» WHAT THE TASK ASKS:
Find the word "after" in the data. Return every line where it appears.

» DATA RECORDS:
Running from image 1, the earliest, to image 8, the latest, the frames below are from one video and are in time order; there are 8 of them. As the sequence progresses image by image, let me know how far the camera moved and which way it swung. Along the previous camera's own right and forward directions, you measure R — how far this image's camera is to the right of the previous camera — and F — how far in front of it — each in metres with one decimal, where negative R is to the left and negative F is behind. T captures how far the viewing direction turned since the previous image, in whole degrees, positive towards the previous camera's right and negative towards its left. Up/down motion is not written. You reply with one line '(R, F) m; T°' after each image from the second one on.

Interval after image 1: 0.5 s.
...
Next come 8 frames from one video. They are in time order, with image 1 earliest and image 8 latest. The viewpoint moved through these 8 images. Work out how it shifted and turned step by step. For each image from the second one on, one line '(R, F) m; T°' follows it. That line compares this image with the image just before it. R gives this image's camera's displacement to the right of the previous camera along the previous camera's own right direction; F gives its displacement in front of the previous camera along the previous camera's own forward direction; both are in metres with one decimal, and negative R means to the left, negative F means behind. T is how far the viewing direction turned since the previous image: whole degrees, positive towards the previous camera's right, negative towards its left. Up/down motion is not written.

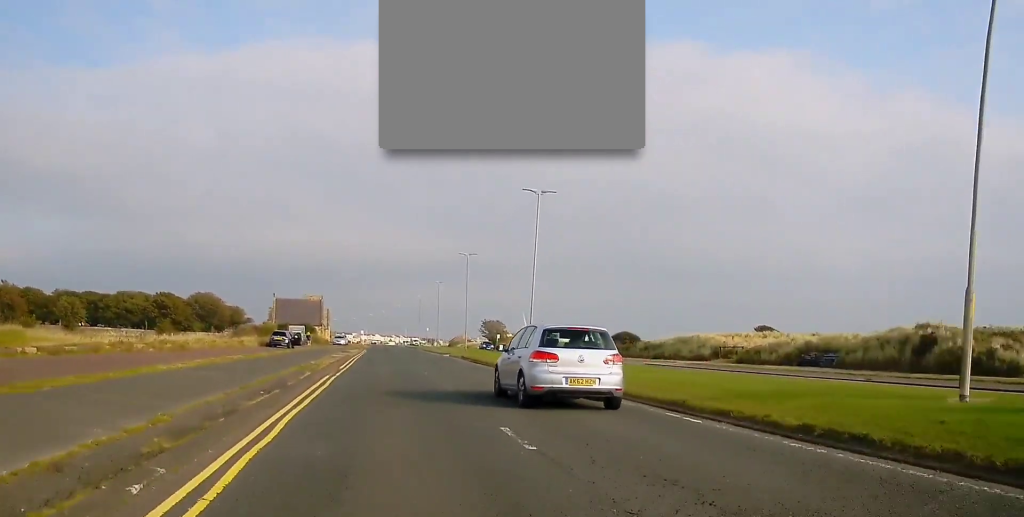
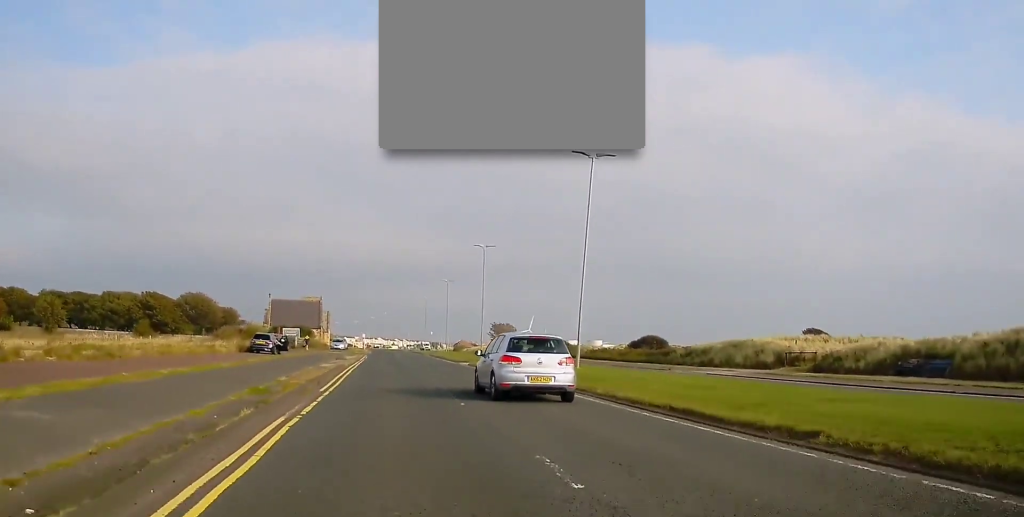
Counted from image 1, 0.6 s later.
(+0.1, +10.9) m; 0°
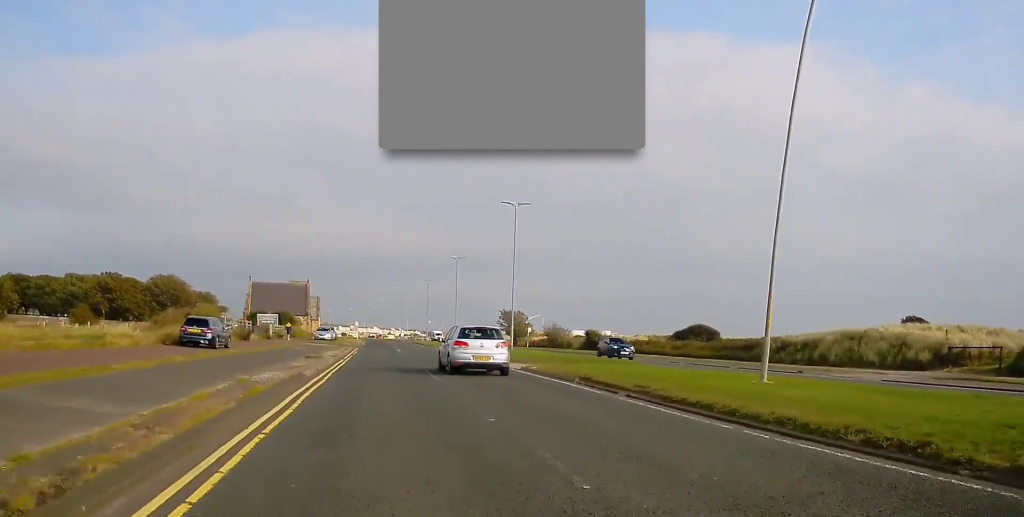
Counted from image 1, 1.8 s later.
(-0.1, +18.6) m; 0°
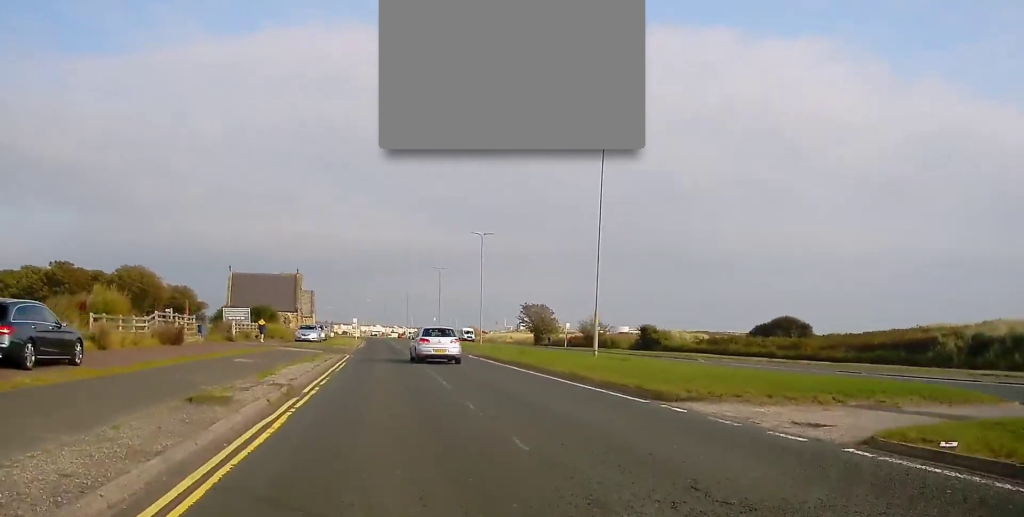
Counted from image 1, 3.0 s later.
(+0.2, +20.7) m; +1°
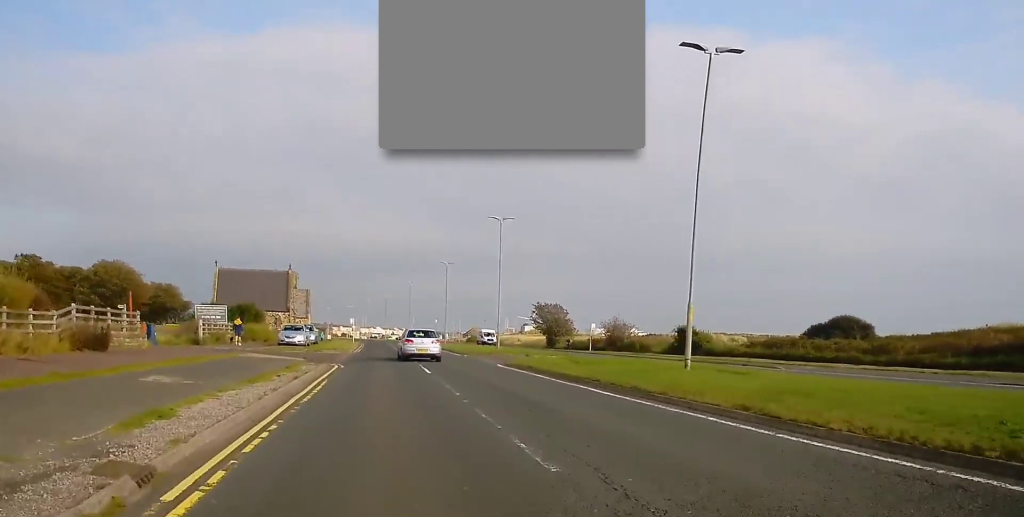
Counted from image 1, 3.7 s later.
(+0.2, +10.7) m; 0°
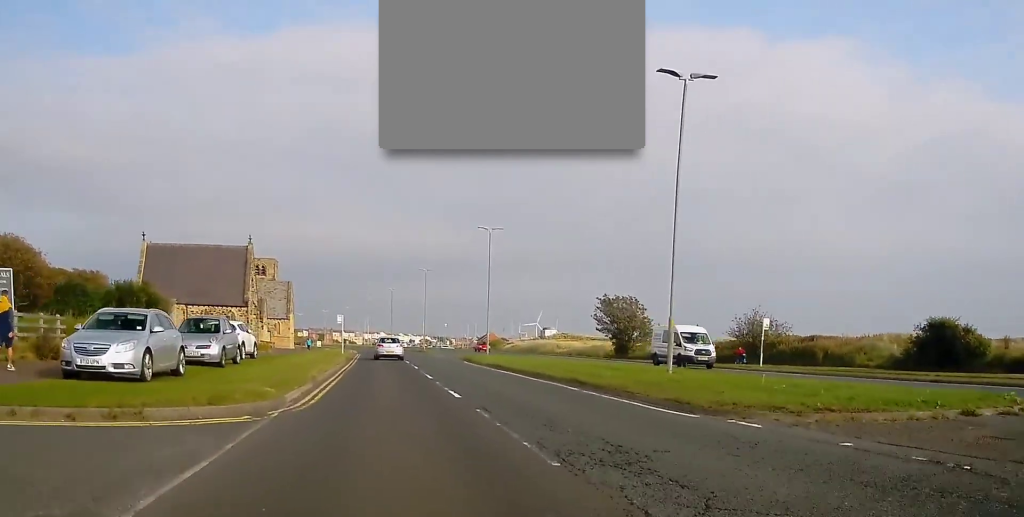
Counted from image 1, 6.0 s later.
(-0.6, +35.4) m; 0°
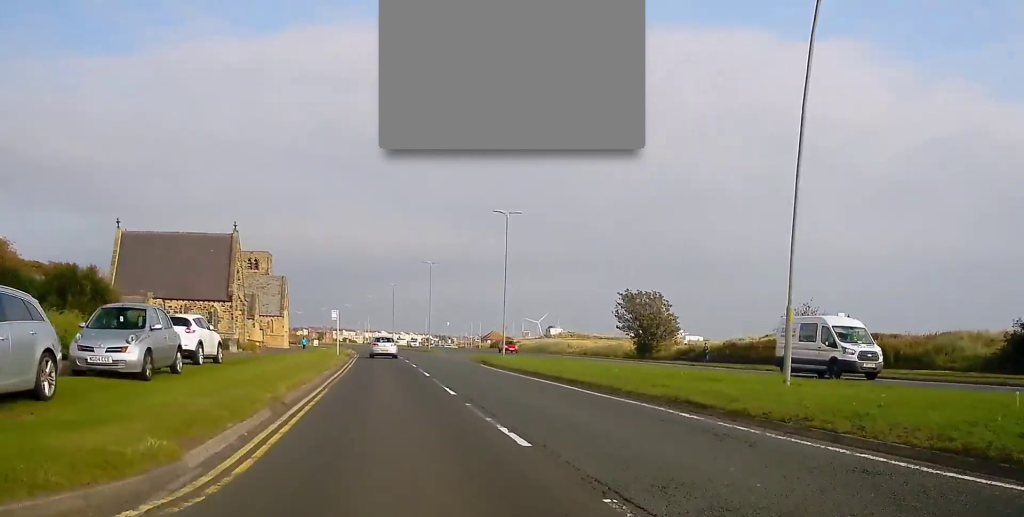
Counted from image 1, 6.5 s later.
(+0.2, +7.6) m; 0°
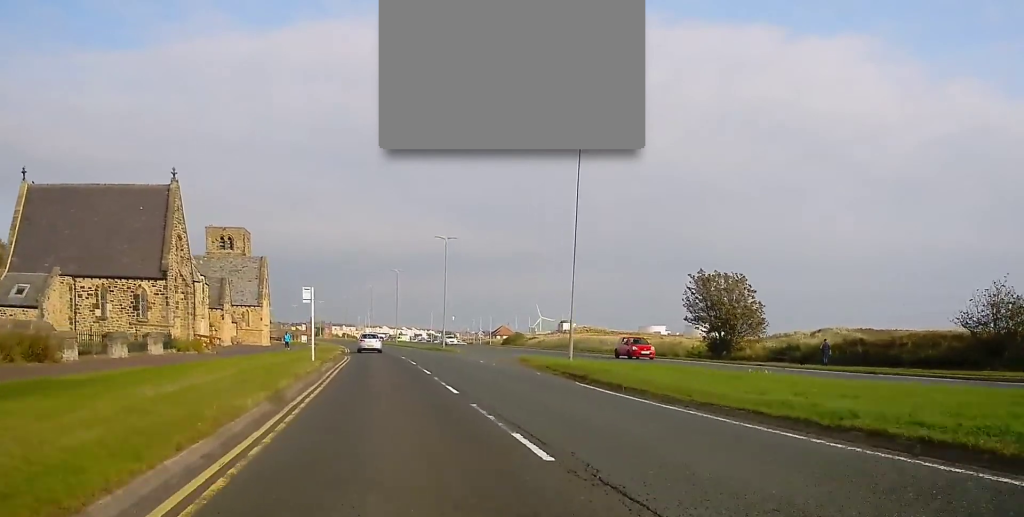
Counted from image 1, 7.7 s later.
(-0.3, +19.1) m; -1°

» THE ANSWER:
Running from image 1, the earliest, to image 8, the latest, the frames below are from one video and are in time order; there are 8 of them. As the sequence progresses image by image, let me know how far the camera moved and which way it swung. Along the previous camera's own right and forward directions, you measure R — how far this image's camera is to the right of the previous camera — and F — how far in front of it — each in metres with one decimal, where negative R is to the left and negative F is behind. T captures how far the viewing direction turned since the previous image, in whole degrees, positive towards the previous camera's right and negative towards its left. Up/down motion is not written. You reply with one line '(R, F) m; T°' after each image from the second one on.
Interval after image 1: 0.5 s.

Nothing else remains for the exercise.